既存のサービスに加え、アルコール類の提供や朝食時間以外(6:00〜24:00)でのご飯サービスを新たに追加。また、無料アメニティもより充実させ、シャンプー、コンデショナー、ヘアワックス等の整髪料だけで50種類以上を用意している。
これだけ充実したサービスでありながら、都内3店舗(男性のみ)の「15日使い放題」が2万5000円、「30日使い放題」が4万円。名古屋栄店(男女可)の「15日使い放題」プランが男性2万5000円/女性2万円、「30日使い放題」プランが男性5万円/女性4万円。利益はきちんと得られるのだろうか。
高級カプセルホテルとして全国展開していたファーストキャビンは、稼働率が10%程度に落ち込み、昨年自己破産を申請していた。安心お宿も、昨年の最初の緊急事態制限時には全店舗休業を余儀なくされた。その後もこの1年、コロナ禍で宿泊施設やカプセルホテルはどこも極限状態の中、空室だらけになるよりはと、苦肉の策を打ち出したというわけだ。

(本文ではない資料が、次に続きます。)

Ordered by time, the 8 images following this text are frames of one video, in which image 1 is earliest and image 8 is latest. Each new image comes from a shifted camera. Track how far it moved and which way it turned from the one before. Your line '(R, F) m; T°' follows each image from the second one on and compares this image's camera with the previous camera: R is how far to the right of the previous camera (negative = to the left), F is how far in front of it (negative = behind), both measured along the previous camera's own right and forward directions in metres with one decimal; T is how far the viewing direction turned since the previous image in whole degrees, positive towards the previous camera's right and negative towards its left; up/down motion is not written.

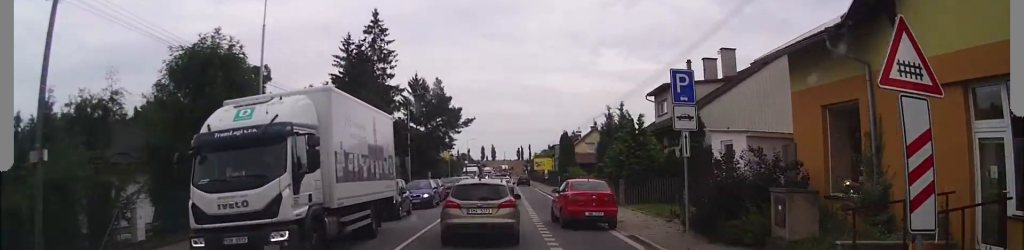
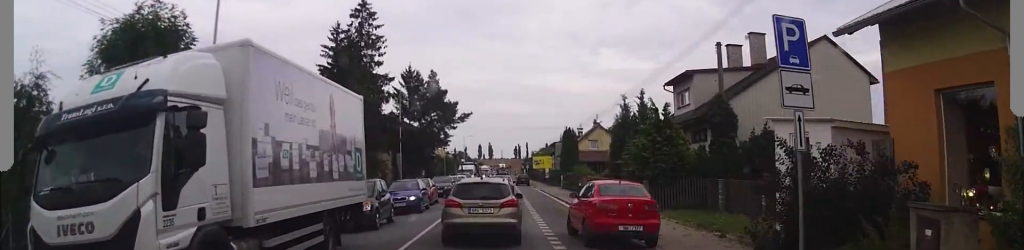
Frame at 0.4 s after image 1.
(0.0, +4.6) m; 0°
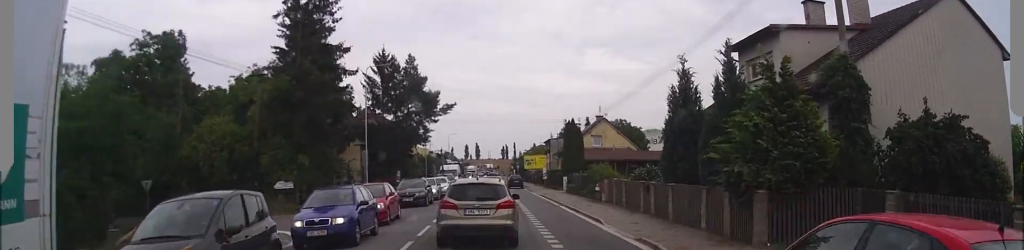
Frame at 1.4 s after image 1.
(0.0, +11.2) m; 0°
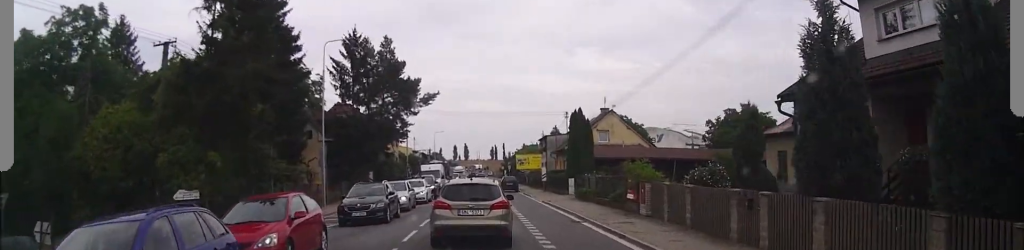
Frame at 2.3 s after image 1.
(0.0, +9.8) m; 0°
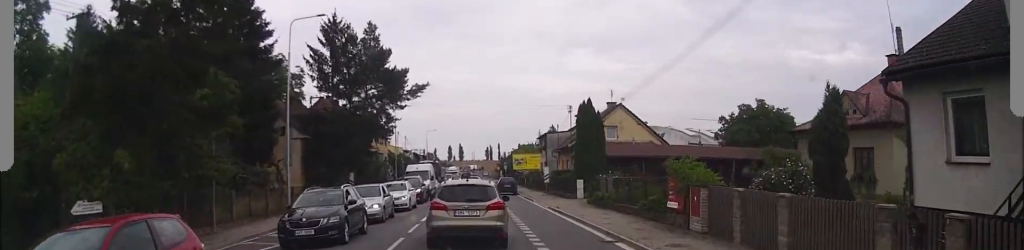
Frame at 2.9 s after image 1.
(0.0, +6.1) m; 0°
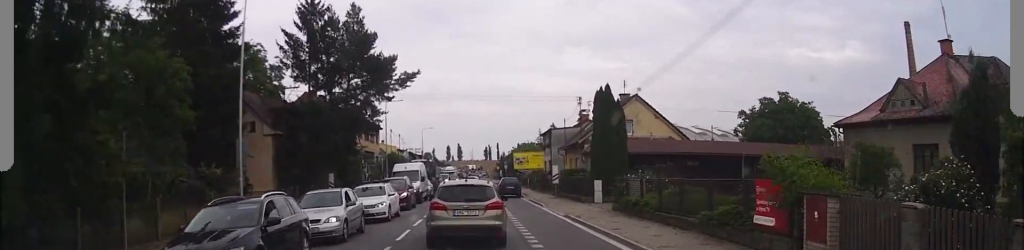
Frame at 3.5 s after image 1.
(0.0, +6.3) m; 0°
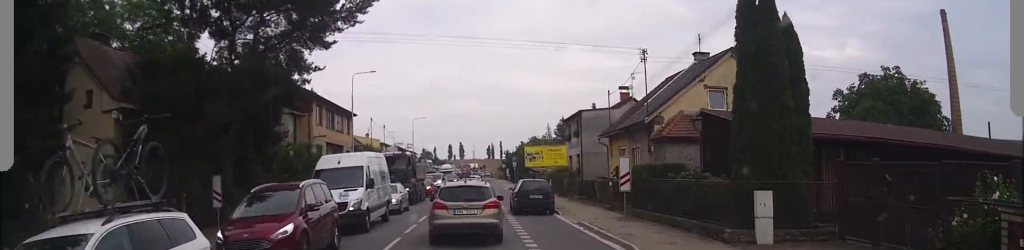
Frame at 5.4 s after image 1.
(0.0, +19.4) m; -1°
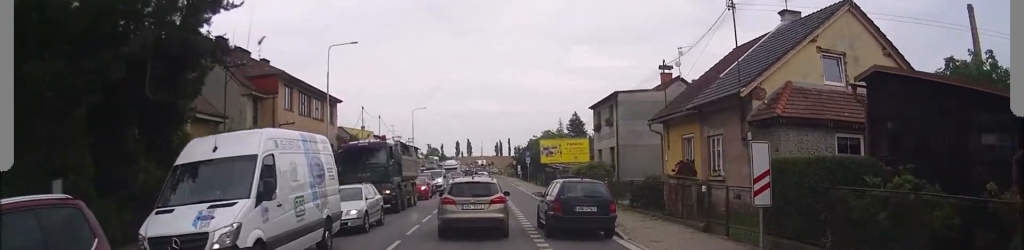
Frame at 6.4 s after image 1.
(-0.2, +10.5) m; -2°

「カプ住プラン開始直後に店頭看板の写真がTwitterで拡散され、テレビでも取り上げていただきました。また、テレビ放映の様子を視聴者の方がツイートし、11.7万いいね。約2.2万リツイートされるなど大きな反響をいただきました。放映直後は問い合わせのお電話も多くいただいております」
反響は上々の様子。都内は男性専用のため30〜40代のビジネスマンが多く、最近は、Uber Eatsの配達員の宿泊も増えている。全店舗、最寄駅から徒歩3分以内で繁華街に近いため、カプ住プランで衣食住を確保して効率的に働いているようだ。

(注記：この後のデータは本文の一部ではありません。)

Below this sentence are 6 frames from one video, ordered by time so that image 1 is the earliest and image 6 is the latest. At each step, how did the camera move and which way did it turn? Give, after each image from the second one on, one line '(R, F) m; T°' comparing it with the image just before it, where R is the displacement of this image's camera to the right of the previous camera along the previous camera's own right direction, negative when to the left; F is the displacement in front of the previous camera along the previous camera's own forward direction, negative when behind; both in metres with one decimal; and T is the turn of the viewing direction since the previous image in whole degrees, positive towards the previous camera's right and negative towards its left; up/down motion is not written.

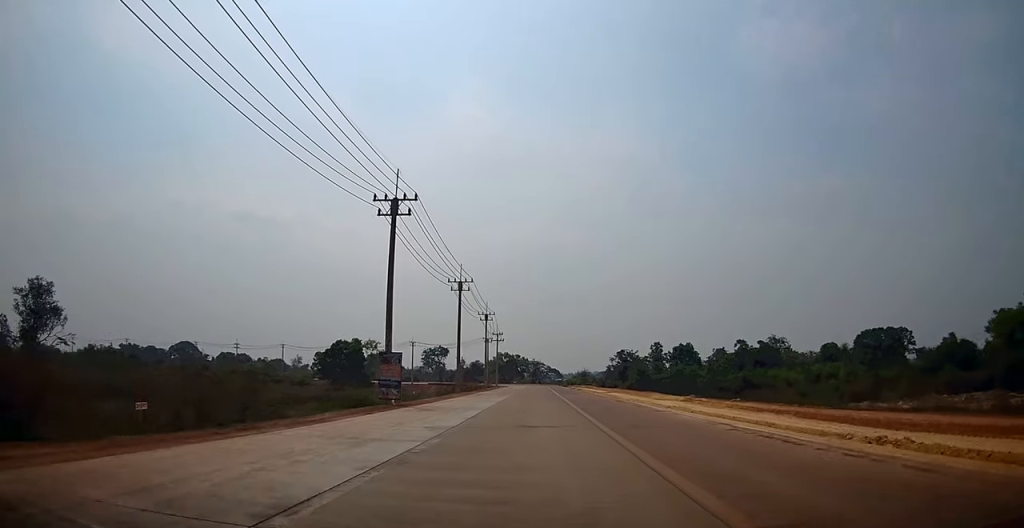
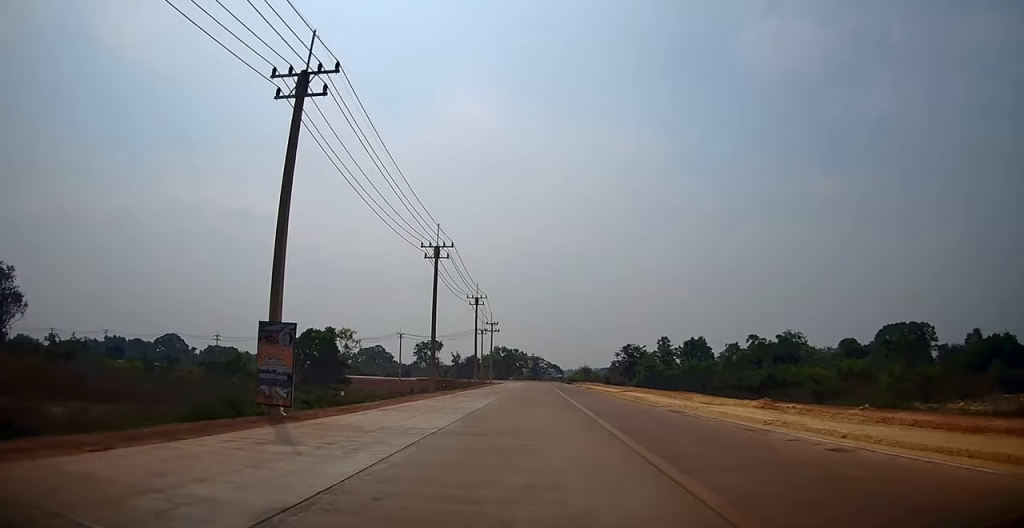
(0.0, +12.9) m; +3°
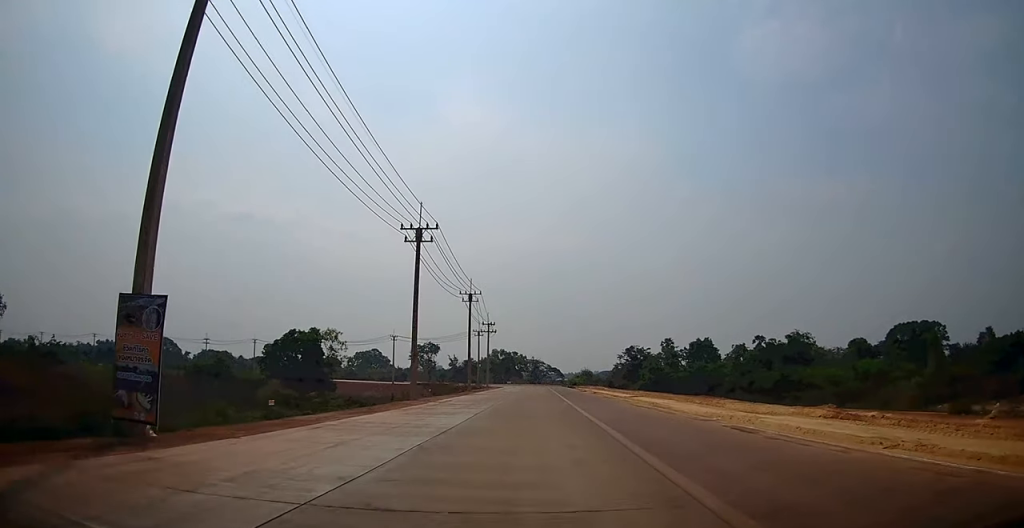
(+0.3, +6.1) m; 0°
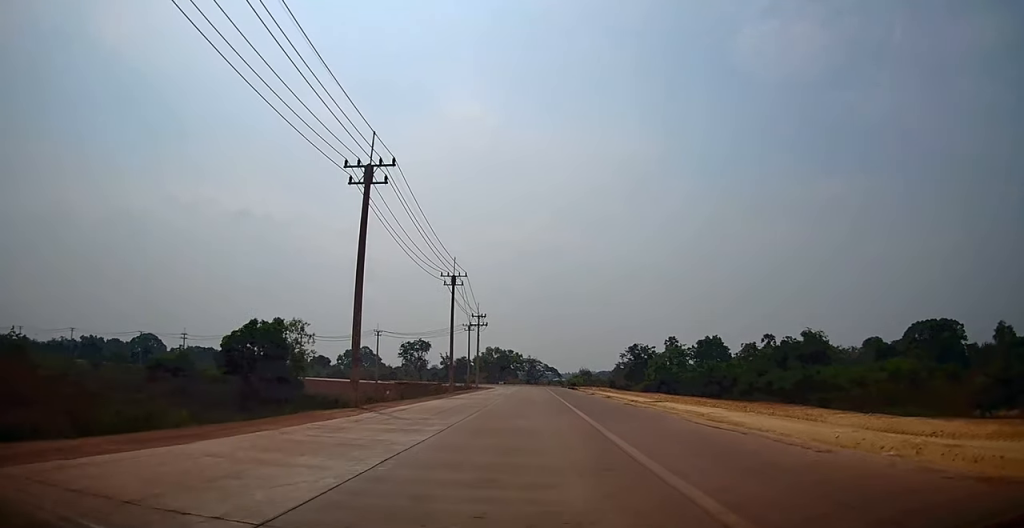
(+0.1, +10.6) m; -1°
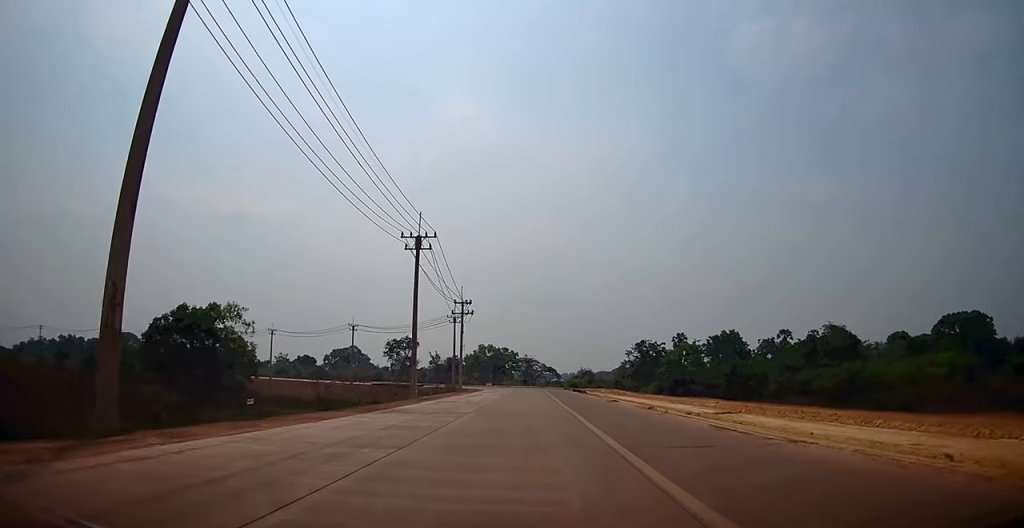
(-0.6, +14.7) m; -1°
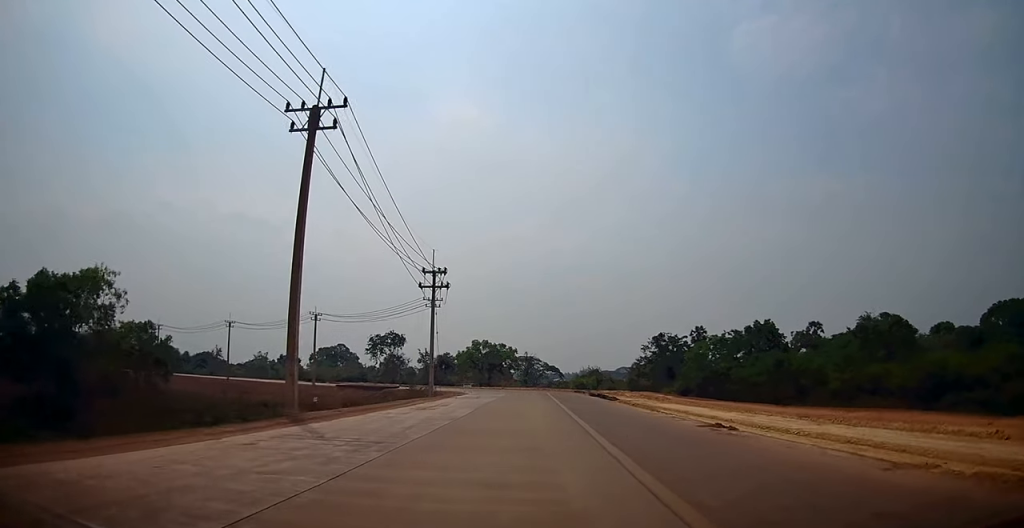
(+0.7, +18.9) m; +3°

コワーキングスペース、就活生、女性利用で打開なるか「カプセルホテルも形を変えていく」
多くは国内外からの出張先で、ビジネスマンの男性が手軽に泊まれる場所として利用されてきたカプセルホテル。昨年から出張が激減し、テレワークが急激に促進したことから、同店は一部フロアをリノベーションして「カプセル型のコワーキングスペース」の提供を開始(カプ住プランでも使い放題)。SNSを中心に話題を呼び、20代の新たな客層の獲得につながった。また、今春からは「就活応援プラン」として、コロナ禍の影響を受けた22卒の学生を対象に、宿泊・コワーキングスペース利用をすべて無料で10泊まで招待するキャンペーンも行っている。
今後もしばらくは厳しい状況が続くと思われるが、目まぐるしく変化していく社会に合わせて、カプセルホテルの定義も新たな展開を見せてくれるかもしれない。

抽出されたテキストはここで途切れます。